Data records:
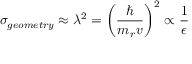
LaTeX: \sigma _ { g e o m e t r y } \approx \lambda ^ { 2 } = { \bigg ( } { \frac { \hbar } { m _ { r } v } } { \bigg ) } ^ { 2 } \propto { \frac { 1 } { \epsilon } }
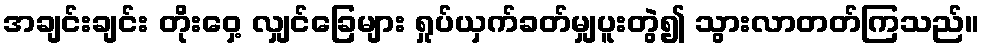
အချင်းချင်း တိုးဝှေ့ လျှင်ခြေများ ရှုပ်ယှက်ခတ်မျှပူးတွဲ၍ သွားလာတတ်ကြသည်။
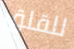
للقلق
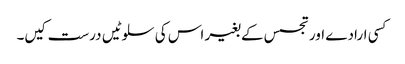
کسی ارادے اور تجسس کے بغیر اس کی سلوٹیں درست کیں۔
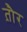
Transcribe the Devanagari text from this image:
त़ौर
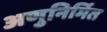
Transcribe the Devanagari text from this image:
अणुनिर्मित

### What you have to do
Reproduce the records in full and leave the images behind.

### Solution for this exercise
LaTeX: \sigma _ { g e o m e t r y } \approx \lambda ^ { 2 } = { \bigg ( } { \frac { \hbar } { m _ { r } v } } { \bigg ) } ^ { 2 } \propto { \frac { 1 } { \epsilon } }
အချင်းချင်း တိုးဝှေ့ လျှင်ခြေများ ရှုပ်ယှက်ခတ်မျှပူးတွဲ၍ သွားလာတတ်ကြသည်။
للقلق
کسی ارادے اور تجسس کے بغیر اس کی سلوٹیں درست کیں۔
Transcribe the Devanagari text from this image:
त़ौर
Transcribe the Devanagari text from this image:
अणुनिर्मित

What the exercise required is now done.